You Call that Big Data? More Sensor Data Points than Stars in the Galaxy…
by Rod Bagg – VP & Architect Of InfoSight
InfoSightTM – the predictive analytics engine built into every Nimble array ever shipped – uses big data. So it’s been interesting to see recent announcements of copy-cat products from other storage vendors who have a rather small idea of big data.
Imitation is the sincerest form of flattery – but imitation is not the real thing. For starters, any product can claim it’s predictive, but to provide customers with economically valuable, accurate predictions you need really big data, plus a killer data science team.
Here’s our idea of big data: InfoSight collects more anonymized sensor data points every four hours than there are stars in our galaxy. At over 200trillion sensor data points collected a year, we have amassed what is probably the biggest repository of storage-related sensor data ever collected.
The key design principles behind InfoSight include:
- Collect the right data – This can only be done because InfoSight was conceived and built as part of the original product’s design. Before any line of code is written at Nimble, careful thought is placed into what information needs to be collected. It would be almost impossible to retrofit this kind of instrumentation into a product that has already been built.
- Collect a lot of data from a lot of customers over a long period of time – More than 6,200 customers rely on Nimble arrays that span almost every type of application, environment and use-case. Collected over more than six years, we have more than enough data to achieve statistical significance with our predictive modeling.
- Build a team of world-class data scientists – Nimble employed its first data scientist years before the term became a cool job title. Our data scientists pore over every support case and work to predictively eliminate support issues. More than nine out of ten support cases are initiated by InfoSight to address an issue even before a customer has noticed a problem. Over 85% of these cases are automatically resolved.
It’s About More than Storage
InfoSight collects tens of millions of sensor data points per array per day, not just from the array itself, but also from the surrounding network, servers and virtual machine infrastructure. This allows us to rapidly resolve the most complex performance issues even when they’re not related to storage. For example, at a glance, a user can pinpoint issues inside a VM that are affecting performance, and then see which other hosts this “noisy neighbor” is slowing down. All of this is done at a glance, in real-time.
Nimble customers find these capabilities enormously valuable:
“In the space of two months, my Nimble Storage product has detected and allowed me to resolve two non-storage related issues that my other monitoring solutions did not.”
“An unexpected VM was in the top VM list, this time a print server. Someone must be printing something right? I looked on the Nimble array, at the datastore, and it showed high usage once every five minutes, but all quiet on the printer spools datastore.
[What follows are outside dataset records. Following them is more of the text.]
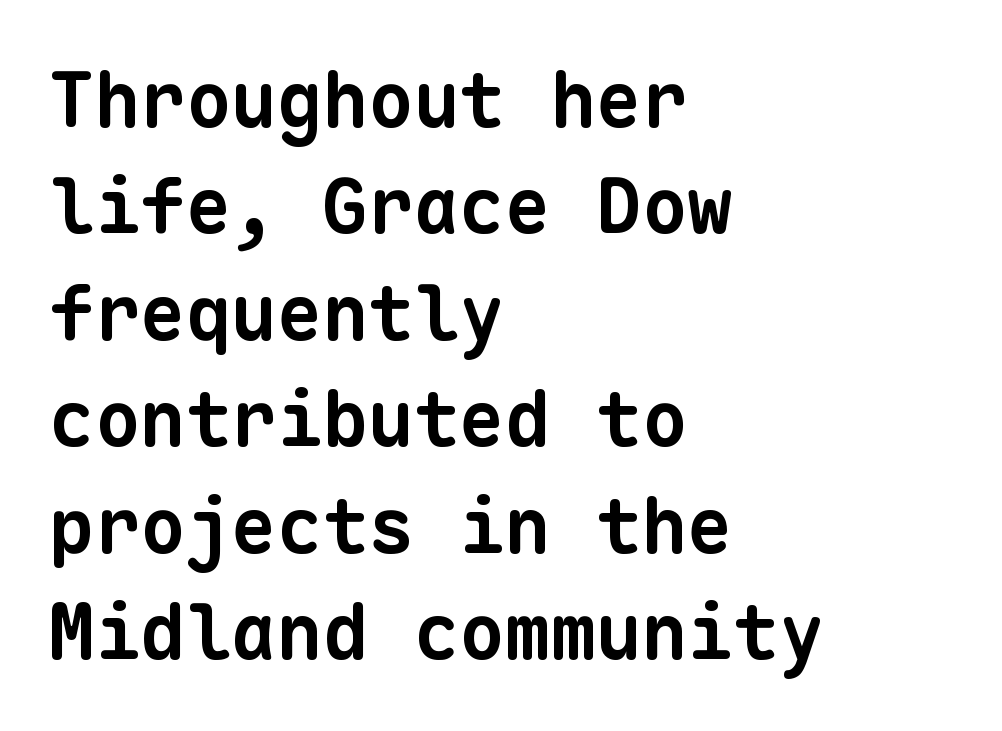
{"serif": "no", "bold": "yes", "weight": "bold", "width": "normal", "stroke_contrast": "low", "x_height": "medium", "monospaced": "yes", "underline": "no", "align": "left", "line_spacing": "normal", "line_spacing_ratio": 1.4, "letter_spacing": "normal", "letter_spacing_em": 0.0, "glyph_px": 76}
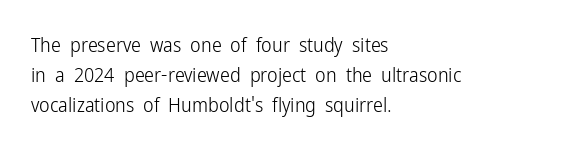
Rule under the text: the space is simply empty. Upright lettering throughout. This rendering leaves character spacing at its baseline value. If you drew a ruler down the left edge, every line would touch it. Is there much room between lines? A standard amount, neither cramped nor airy. This reads as an unemphasized weight, regular at the heaviest.
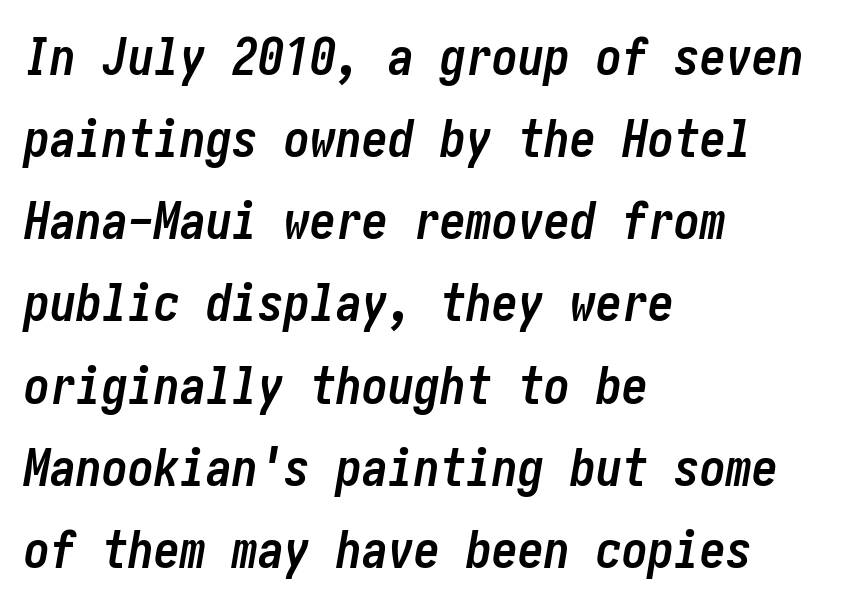
Q: Is the text bold? A: Yes.
Q: Is the text italic (slanted)? A: Yes, it leans right by about 10 degrees.
Q: Is the text underlined? A: No.
Q: How is the paragraph aligned? A: Left-aligned.
Q: Is the spacing between letters normal or unusually wide? A: Normal.
Q: Is the spacing between lines tight, normal or loose? A: Normal.
Q: Width (condensed, normal, or wide)? A: Condensed.
Q: Stroke contrast? A: Low.
Q: x-height? A: Medium.
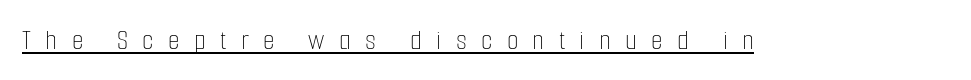
This is roman type, the default non-slanted kind. You can see a thin bar hugging the bottom of the glyphs. Stroke mass is kept to a normal reading level or below. These lines are rendered in a variable-pitch font. Characters follow at a spacing far wider than the type designer built in.
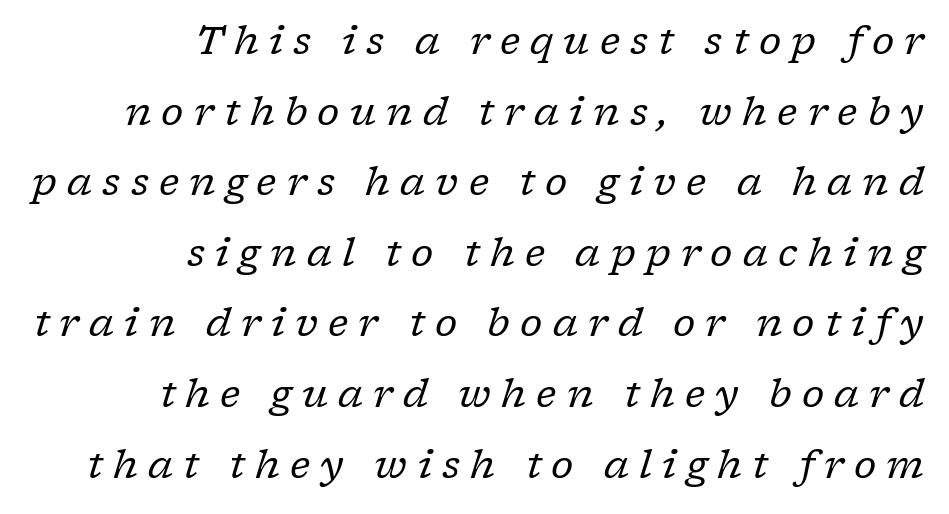
The image shows 39 px regular-weight serif type, italic (leaning right); set right-aligned, line spacing 1.81x, unusually wide letter spacing (+0.26 em), not underlined; low stroke contrast and a medium x-height.
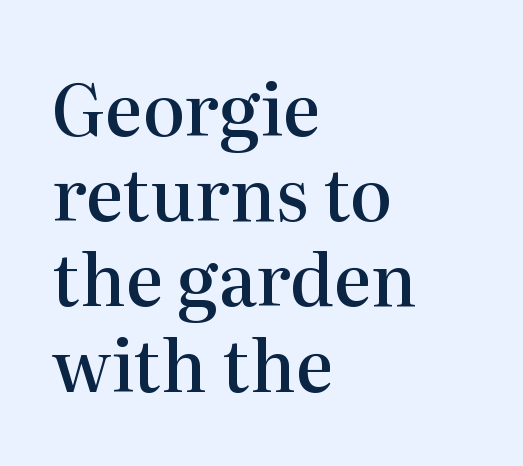
The image shows 71 px semibold serif type, upright; set left-aligned, line spacing 1.2x, normal letter spacing, not underlined; high stroke contrast and a medium x-height.

A quick file search for recently modified files showed the Microsoft BITS download files were constantly modifying, a restart of that service and the Configuration manager service, and the datastore activity was back to normal.”
“They both couldn’t believe the level of detail and information they could get from InfoSight. Although he tried not to show it, you could see the expression on his face of pure joy.”
Real Data Science, Not Just Pretty Dashboards
Although some Nimble customers are convinced it’s magic, InfoSight actually works by leveraging the latest data science techniques:
- Sliding-window correlation analysis to automatically diagnose resource constraints
- Differential equation models of IO flux in order to assess workload contention
- Personalized forecasts of capacity usage over time by leveraging historical distribution of capacity deltas while performing appropriate outlier detection and filtering
- Automatic comparisons of array performance against similar “peer” workloads on other arrays to identify arrays that are experiencing abnormally high latencies within their peer group
- Bootstrapping and Monte-Carlo methods to quantify the uncertainty of forecasts and sizing predictions.
The resulting numbers from InfoSight look pretty amazing, especially when compared with those published recently by another storage vendor. Here are the results:
Cumulative hours of latency reduced:
Pure Storage – 338,311,230 lifetime vs Nimble Storage – 441,553,385 in just the last year*
Successful non-disruptive operations completed:
Pure Storage – 6,799 lifetime vs Nimble Storage – 17,347 in just the last year
Data center space reduction in rack units saved globally:
Pure Storage – 40,311 lifetime vs Nimble Storage – 134,400 lifetime
*Pure Storage recently published a statistic on the “performance metric of cumulative hours of latency reduced”. There’s a risk that metrics like this can dramatically oversimplify how one should think about performance. From an application perspective, not all latency is created equal; larger ops are expected to be more latent than smaller ops and different applications are more latency sensitive than others. For example, InfoSight’s performance anomaly automation takes op size, application type, and other relevant variables into account when quantifying the relative severity of a latency event. It may not make for flashy marketing numbers – but it makes for smarter customer support.
We’ll close with one of the most powerful metrics provided by InfoSight: For the last two and a half years, Nimble Storage arrays have maintained at least 99.9997% measured availability across our entire installed base.
It’s no wonder that when referring to a competitor’s solution, a prominent storage blogger recently told us “It’s just not InfoSight”.